What the exercise asks ▸ Verbatim reproduction of the entries is required; images must be omitted.

Records from a dataset ▸

☆ ☆ ☆ ☆

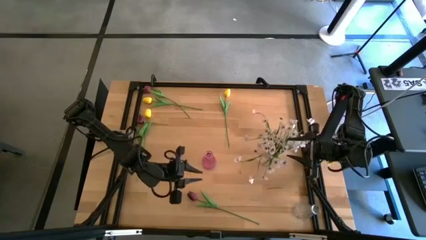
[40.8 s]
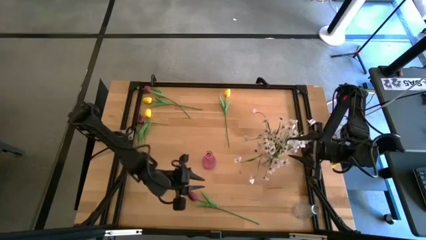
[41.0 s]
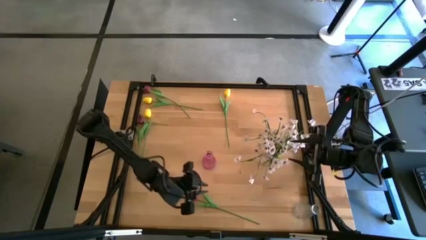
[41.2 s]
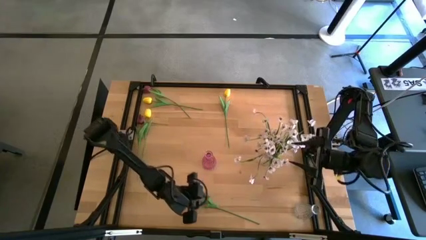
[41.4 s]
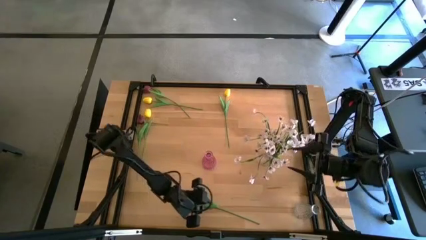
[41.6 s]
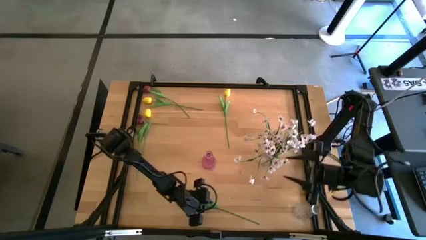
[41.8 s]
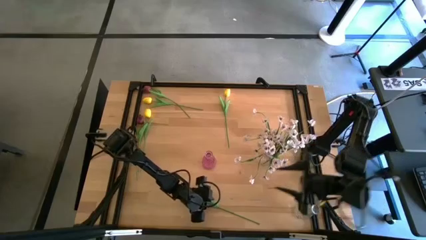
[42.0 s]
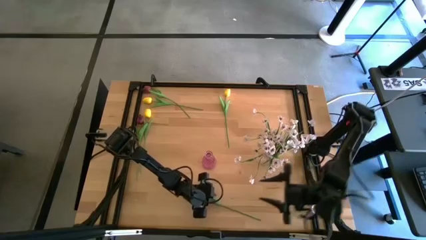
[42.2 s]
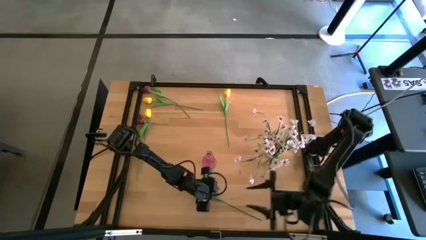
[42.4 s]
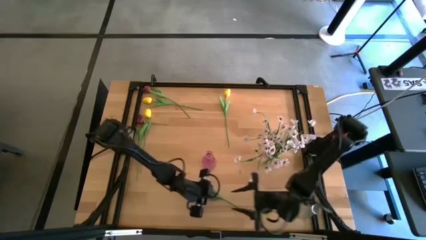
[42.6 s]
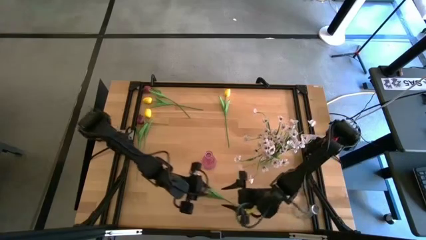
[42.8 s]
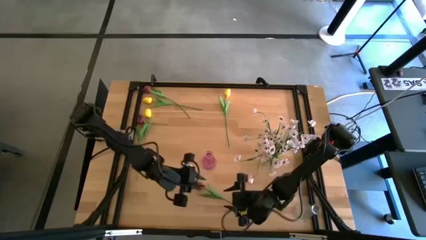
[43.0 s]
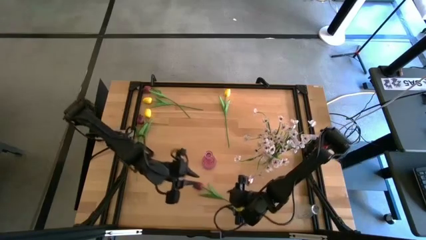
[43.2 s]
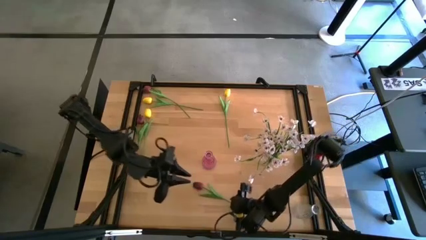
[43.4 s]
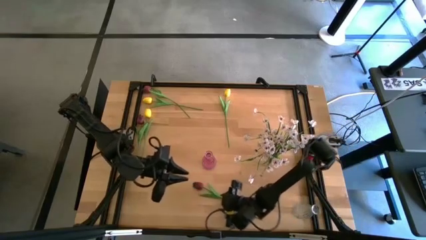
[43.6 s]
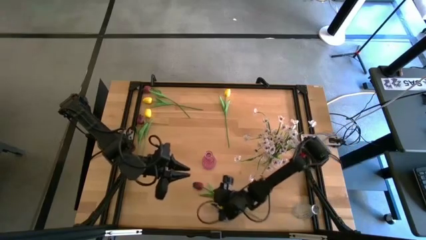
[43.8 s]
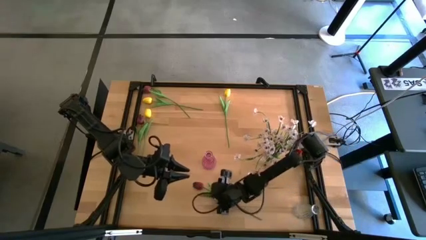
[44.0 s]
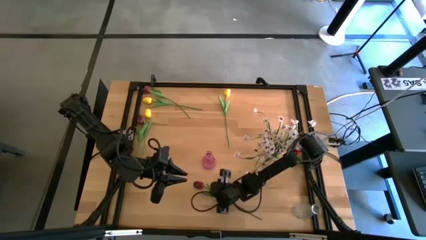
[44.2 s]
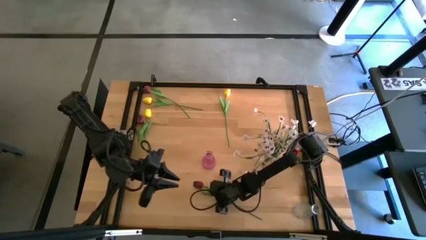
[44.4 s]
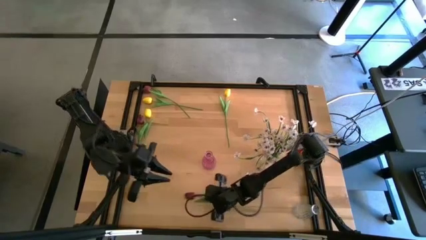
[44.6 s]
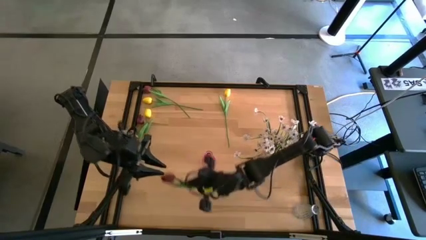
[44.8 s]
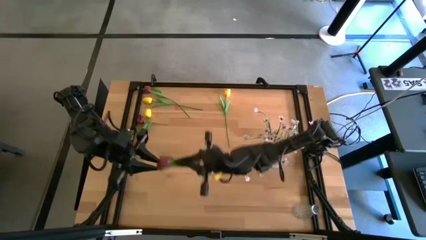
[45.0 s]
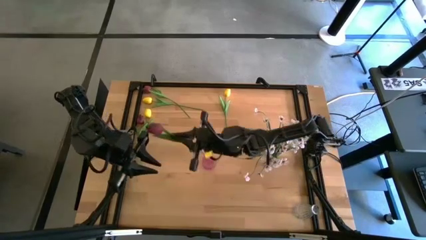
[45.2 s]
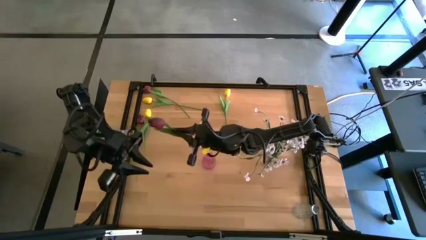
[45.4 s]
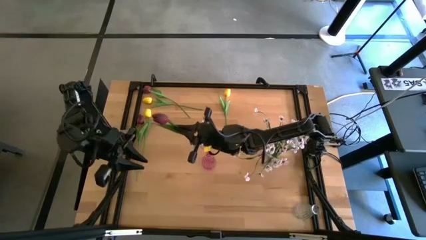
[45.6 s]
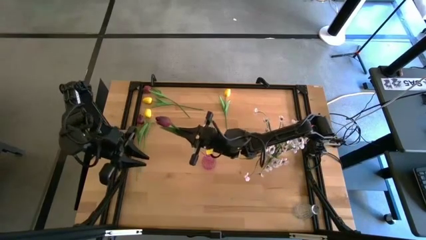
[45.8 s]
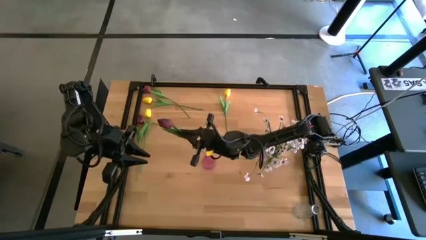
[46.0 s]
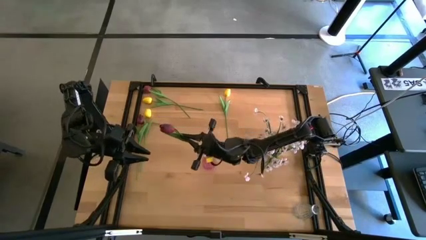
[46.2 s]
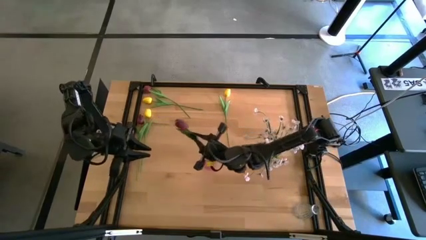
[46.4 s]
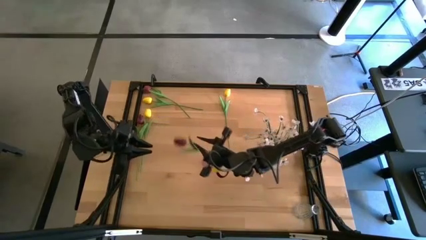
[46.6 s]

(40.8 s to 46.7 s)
Put the bottom red flower into the red vase

☆ ☆ ☆ ☆

Solution below ▸
[40.8 s]
[41.0 s]
[41.2 s]
[41.4 s]
[41.6 s]
[41.8 s]
[42.0 s]
[42.2 s]
[42.4 s]
[42.6 s]
[42.8 s]
[43.0 s]
[43.2 s]
[43.4 s]
[43.6 s]
[43.8 s]
[44.0 s]
[44.2 s]
[44.4 s]
[44.6 s]
[44.8 s]
[45.0 s]
[45.2 s]
[45.4 s]
[45.6 s]
[45.8 s]
[46.0 s]
[46.2 s]
[46.4 s]
[46.6 s]

(40.8 s to 46.7 s)
Put the bottom red flower into the red vase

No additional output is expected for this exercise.